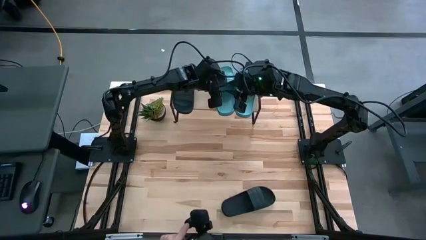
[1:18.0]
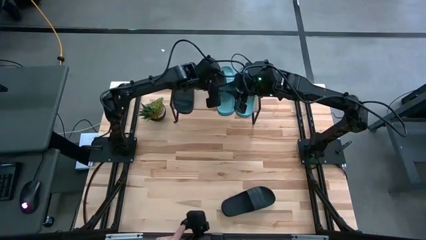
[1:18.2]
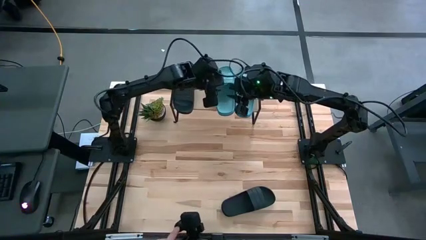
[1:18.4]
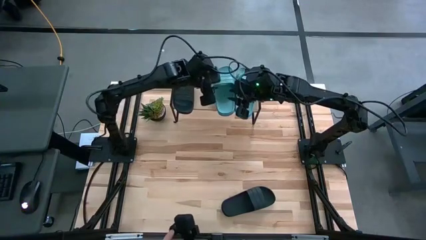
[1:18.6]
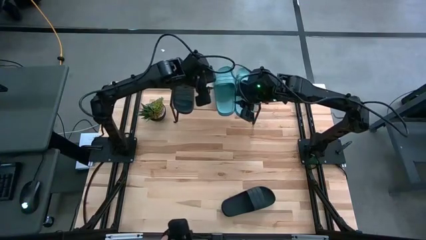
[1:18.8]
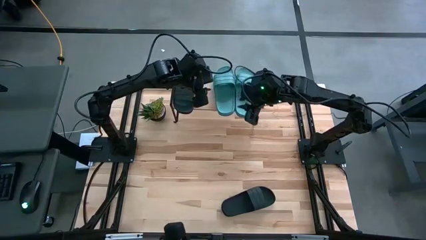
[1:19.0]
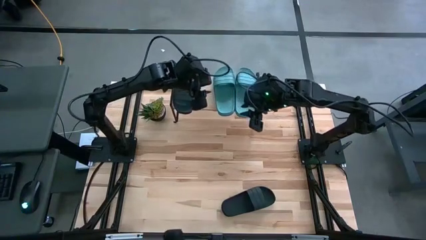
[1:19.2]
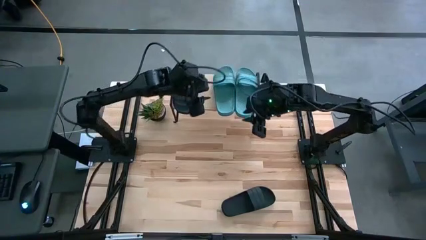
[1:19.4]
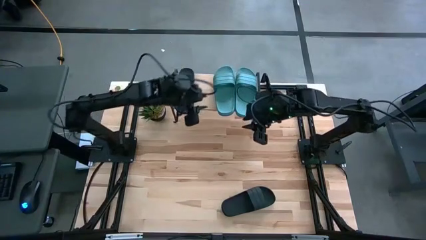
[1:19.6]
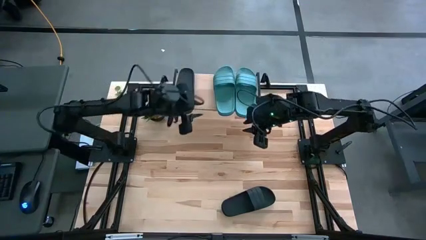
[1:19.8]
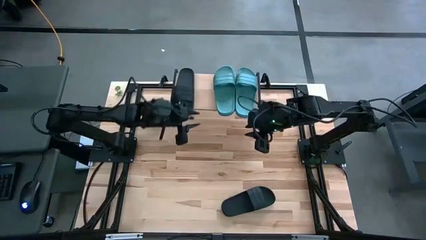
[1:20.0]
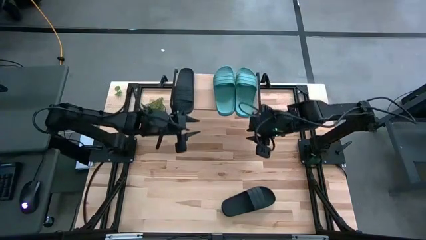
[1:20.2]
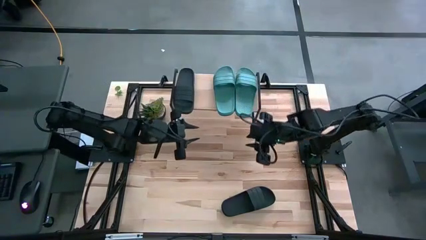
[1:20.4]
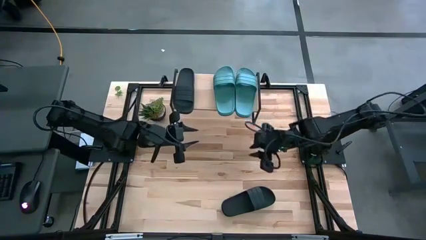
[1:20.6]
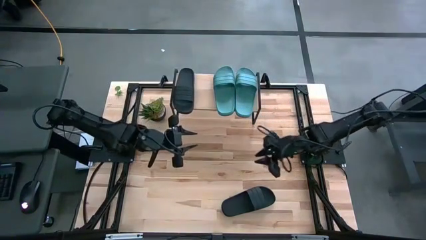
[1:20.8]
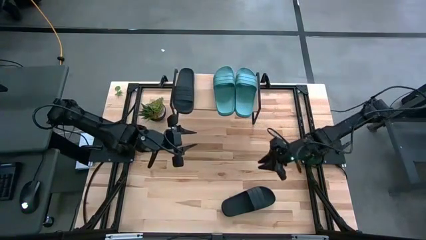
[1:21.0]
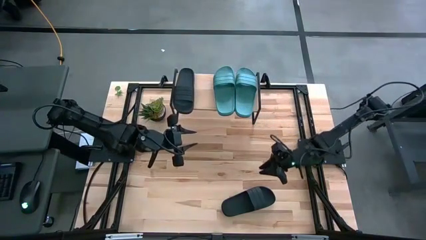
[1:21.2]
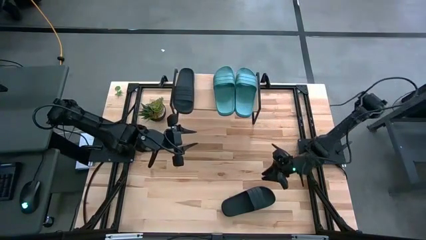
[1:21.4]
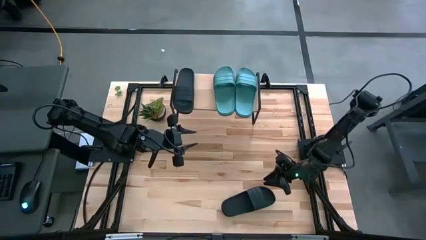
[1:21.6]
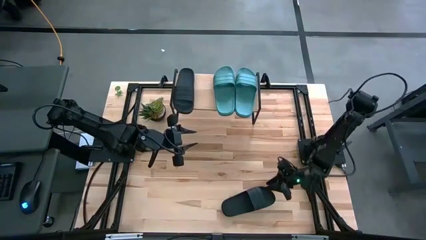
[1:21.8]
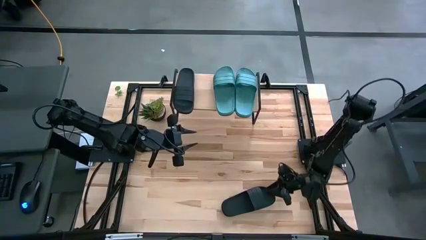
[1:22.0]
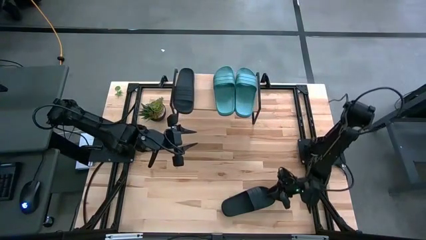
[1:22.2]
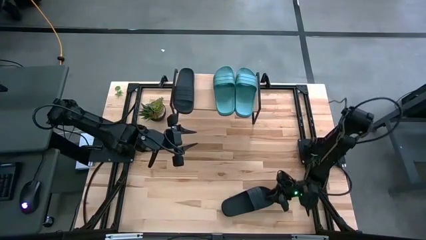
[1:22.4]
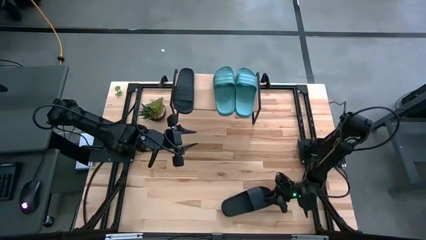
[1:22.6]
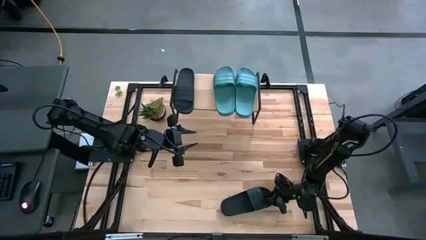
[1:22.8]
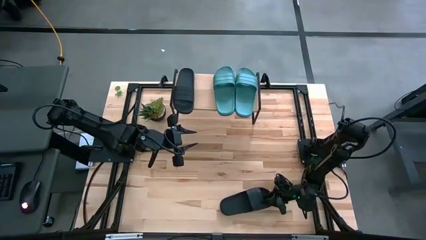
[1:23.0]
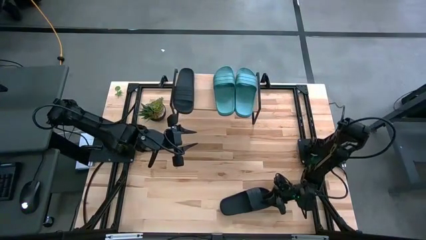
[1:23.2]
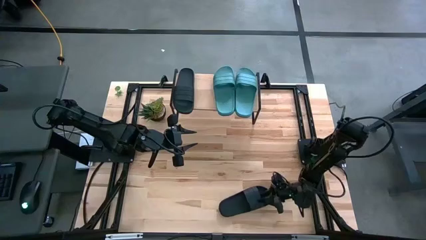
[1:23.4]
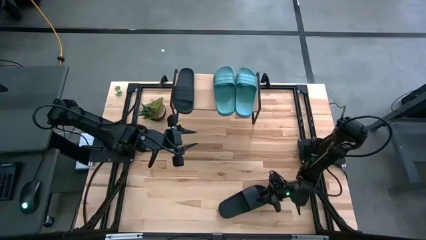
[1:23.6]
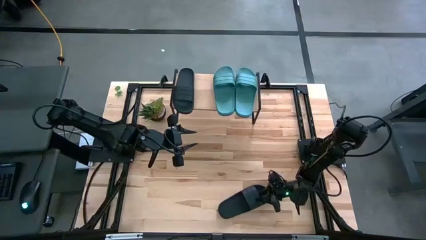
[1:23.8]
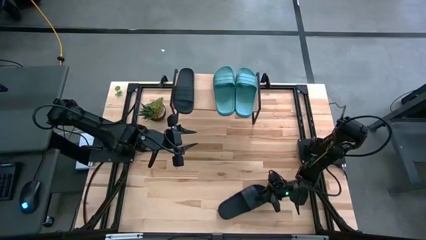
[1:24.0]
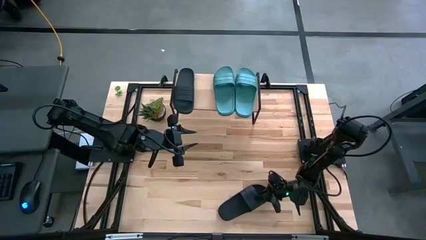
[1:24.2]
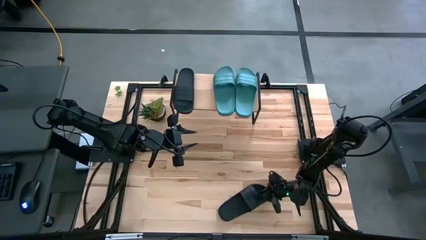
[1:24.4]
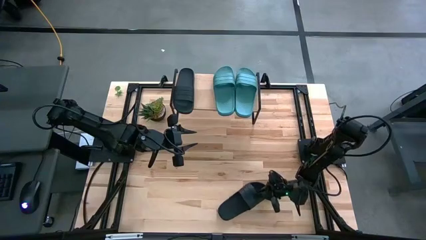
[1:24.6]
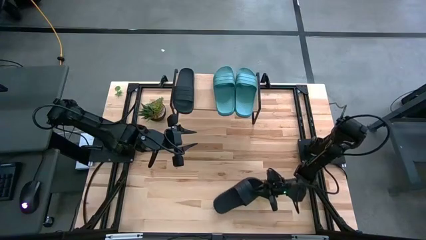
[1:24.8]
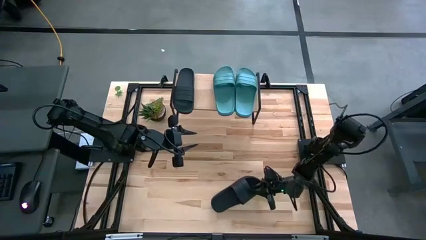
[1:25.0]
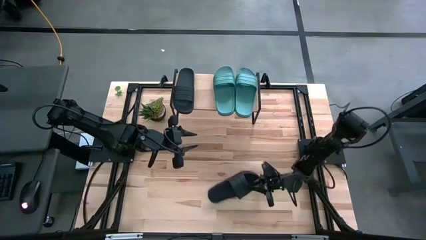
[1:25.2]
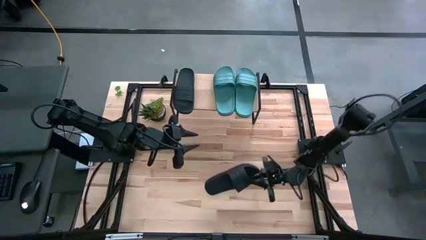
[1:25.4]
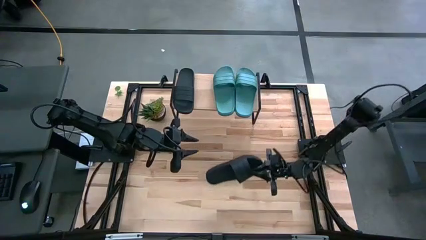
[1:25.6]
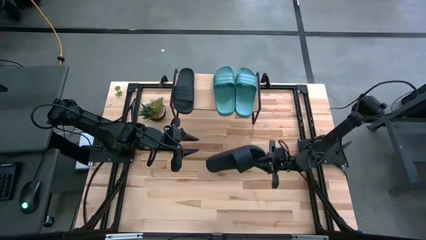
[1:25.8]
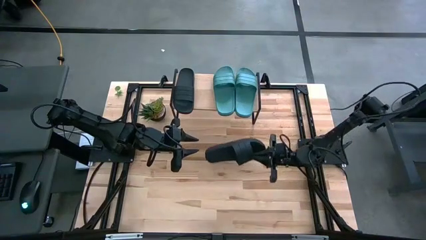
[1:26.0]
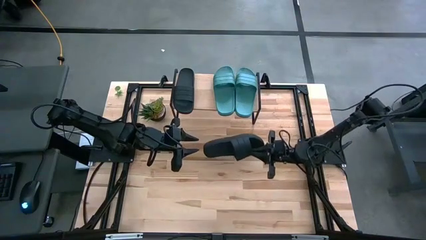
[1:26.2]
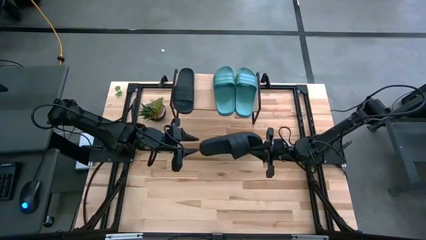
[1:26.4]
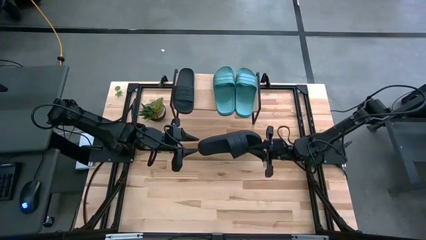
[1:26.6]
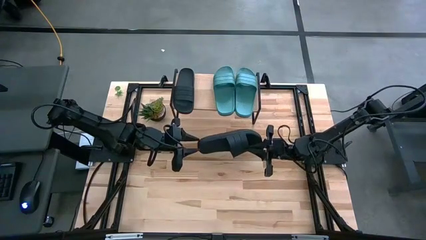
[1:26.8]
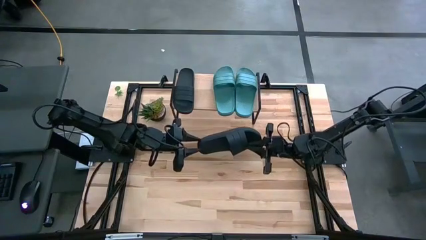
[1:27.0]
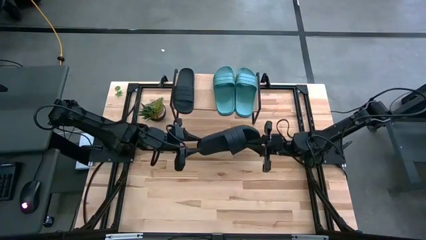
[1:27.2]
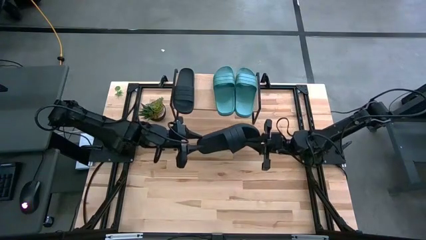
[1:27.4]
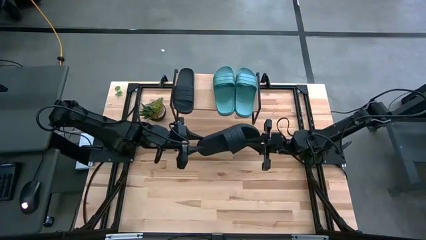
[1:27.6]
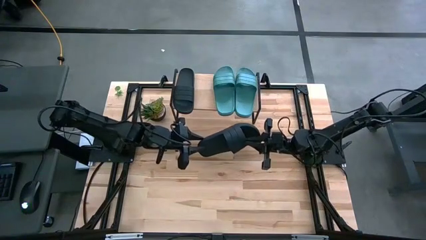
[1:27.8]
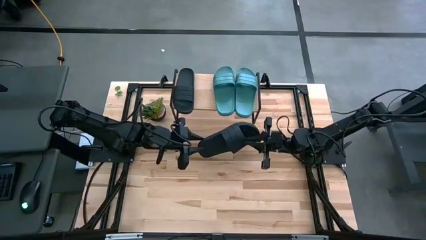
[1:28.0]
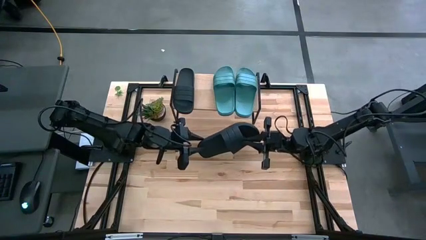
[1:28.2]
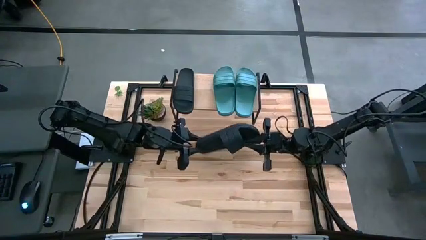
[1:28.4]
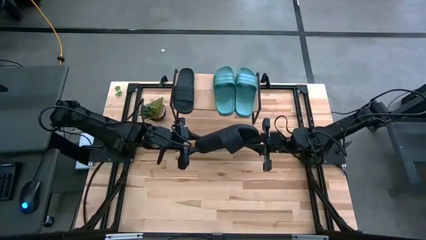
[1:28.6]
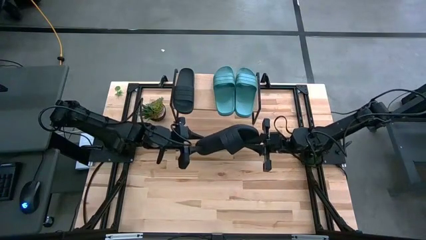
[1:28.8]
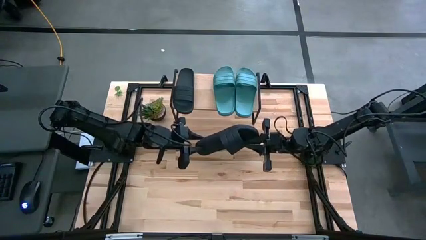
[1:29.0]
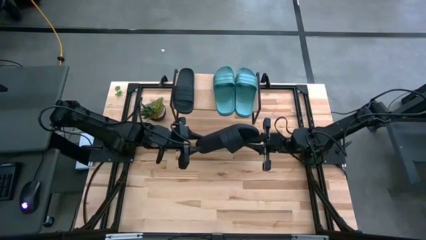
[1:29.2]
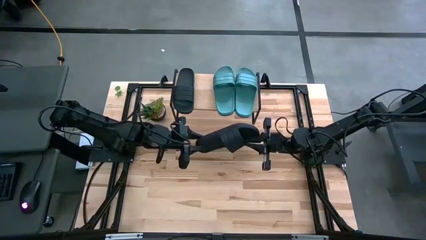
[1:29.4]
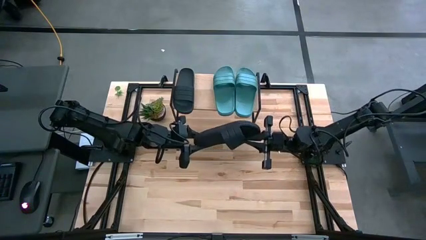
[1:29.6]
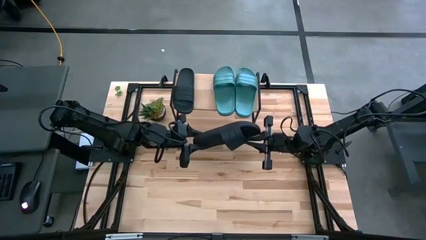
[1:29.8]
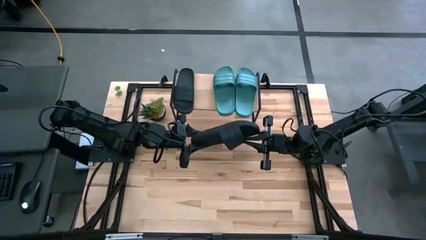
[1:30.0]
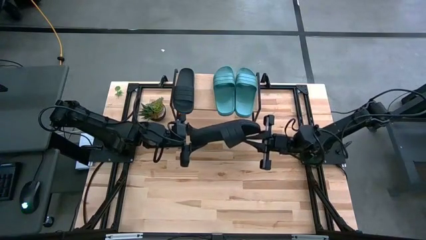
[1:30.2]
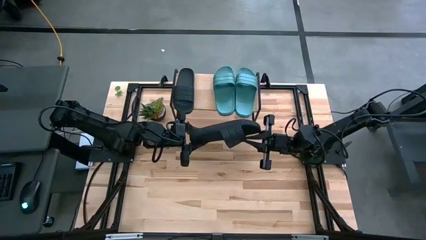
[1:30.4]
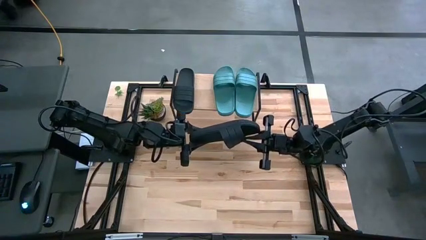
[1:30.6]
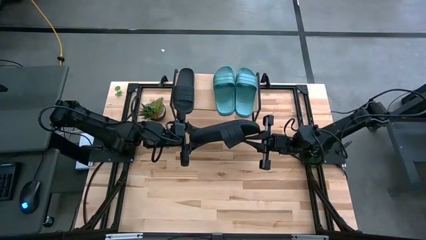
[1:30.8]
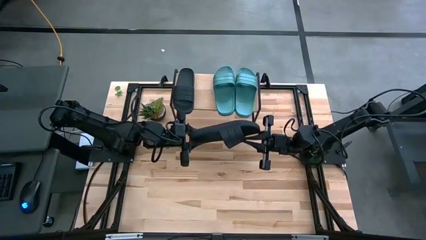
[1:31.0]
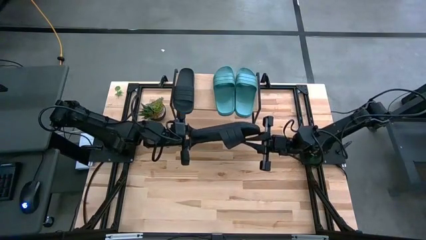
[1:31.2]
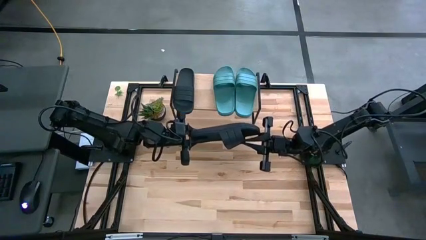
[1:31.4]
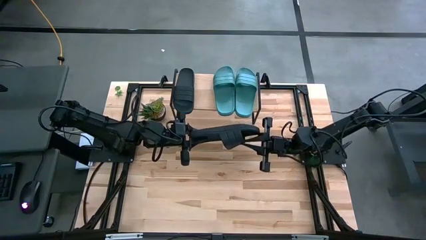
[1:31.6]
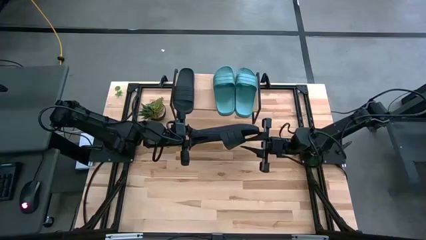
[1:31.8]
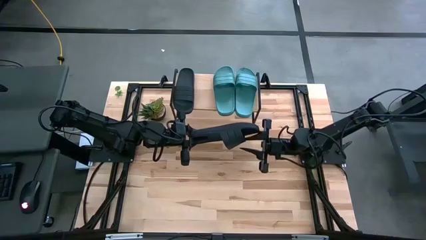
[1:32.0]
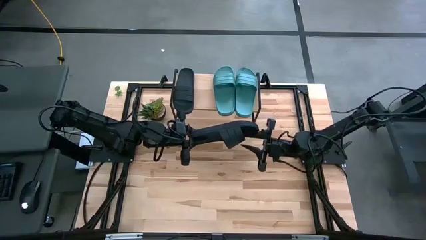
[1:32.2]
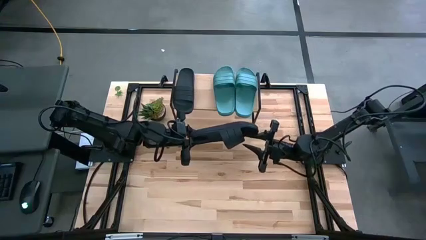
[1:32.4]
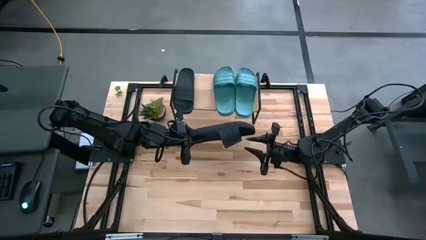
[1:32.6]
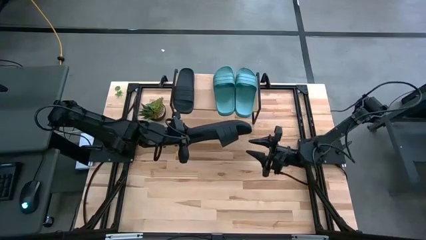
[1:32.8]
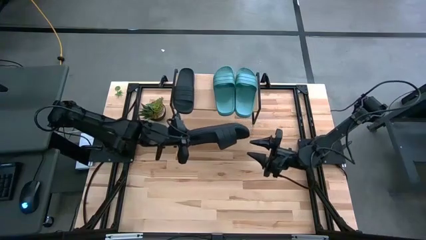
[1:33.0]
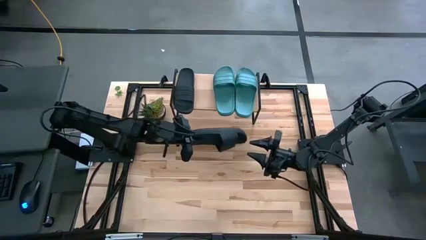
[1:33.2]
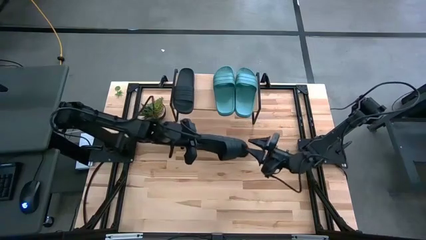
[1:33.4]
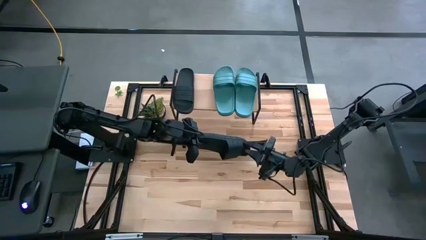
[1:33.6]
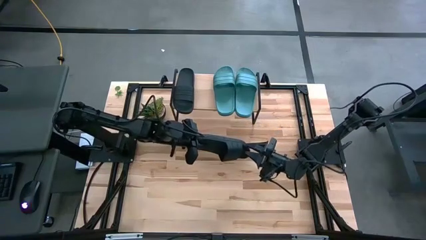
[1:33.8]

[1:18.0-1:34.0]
Put the black slide on the shelf

▸ **Work request**
Print every entry exactly. Pictures are not part of the copy.

▸ **Response to the task**
[1:18.0]
[1:18.2]
[1:18.4]
[1:18.6]
[1:18.8]
[1:19.0]
[1:19.2]
[1:19.4]
[1:19.6]
[1:19.8]
[1:20.0]
[1:20.2]
[1:20.4]
[1:20.6]
[1:20.8]
[1:21.0]
[1:21.2]
[1:21.4]
[1:21.6]
[1:21.8]
[1:22.0]
[1:22.2]
[1:22.4]
[1:22.6]
[1:22.8]
[1:23.0]
[1:23.2]
[1:23.4]
[1:23.6]
[1:23.8]
[1:24.0]
[1:24.2]
[1:24.4]
[1:24.6]
[1:24.8]
[1:25.0]
[1:25.2]
[1:25.4]
[1:25.6]
[1:25.8]
[1:26.0]
[1:26.2]
[1:26.4]
[1:26.6]
[1:26.8]
[1:27.0]
[1:27.2]
[1:27.4]
[1:27.6]
[1:27.8]
[1:28.0]
[1:28.2]
[1:28.4]
[1:28.6]
[1:28.8]
[1:29.0]
[1:29.2]
[1:29.4]
[1:29.6]
[1:29.8]
[1:30.0]
[1:30.2]
[1:30.4]
[1:30.6]
[1:30.8]
[1:31.0]
[1:31.2]
[1:31.4]
[1:31.6]
[1:31.8]
[1:32.0]
[1:32.2]
[1:32.4]
[1:32.6]
[1:32.8]
[1:33.0]
[1:33.2]
[1:33.4]
[1:33.6]
[1:33.8]

[1:18.0-1:34.0]
Put the black slide on the shelf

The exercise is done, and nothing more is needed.